Zinsen im Neugeschäft höher als bei ausstehenden Krediten
"So liegen beispielsweise die Kreditzinsen für Neugeschäft immer noch über denen für ausstehende Kredite, und die Indikatoren der Umfrage zum Kreditgeschäft zeigen, dass die kumulative Straffung noch nicht vollständig rückgängig gemacht wurde", sagte er. Lane zufolge wird das Kreditangebot aber auch von einer erhöhten Risikowahrnehmung der Banken und deren höheren Refinanzierungskosten sowie abnehmender Überschussliquidität gebremst.
"Darüber hinaus haben der Druck aus aufsichtsrechtlichen und regulatorischen Anforderungen zur Aufrechterhaltung solider Bilanzen angesichts steigender Unsicherheiten sowie das Ziel, die Finanzstabilität zu stützen, die Kreditstandards über den gesamten Zyklus hinweg straff gehalten, auch wenn die Geldpolitik in den letzten Quartalen gelockert wurde", sagte der EZB-Chefvolkswirt. Auch die prinzipiell wichtiger werdenden Nicht-Banken hätten die geringere Kreditvergabe durch Banken nicht ausgleichen können.
Kreditvolumen steigt langsamer als von der EZB erwartet
"Unterm Strich ist die fortschreitende Transmission der geldpolitischen Lockerung auf die Kreditvolumina langsamer verlaufen als auf Basis vergangener Regelmäßigkeiten erwartet", sagte Lane. Bezüglich der Nachfrage verwies er auf die Probleme des verarbeitenden Gewerbes mit der weltweiten Unsicherheit. Das verarbeitende Gewerbe hat normalerweise einen hohen Kreditbedarf, sieht sich aber gegenwärtig einer ganzen Reihe von Problemen gegenüber. Auch sei die normalerweise hohe Kreditnachfrage einkommensschwacher Haushalte gegenwärtig eher schwach.

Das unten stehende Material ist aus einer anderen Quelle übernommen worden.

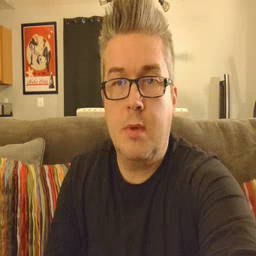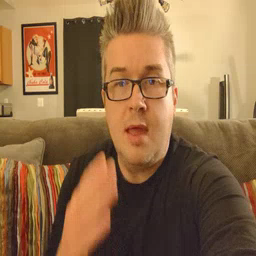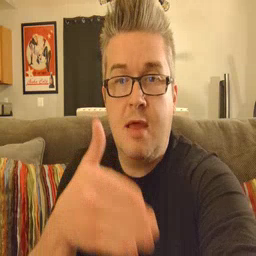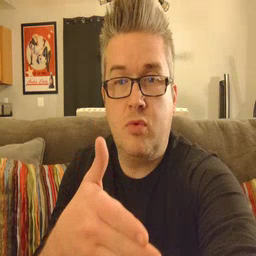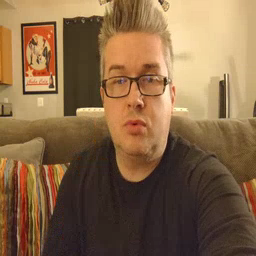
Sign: after
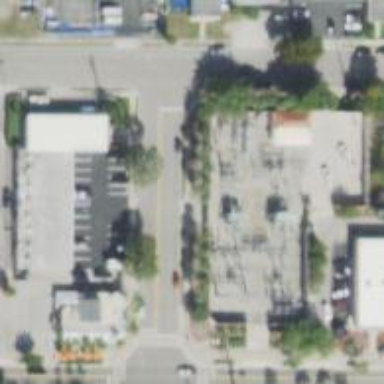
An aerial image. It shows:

"Wenn Unsicherheit die geldpolitische Transmission schwächt, ist eine stärkere geldpolitische Intervention erforderlich, um ein gegebenes Politikziel zu erreichen", sagte der EZB-Chefvolkswirt. Andererseits könne man argumentieren, dass die Entscheidungsträger abwarten müssten, ob sich ein Unsicherheitsschub rechtzeitig von selbst korrigiere.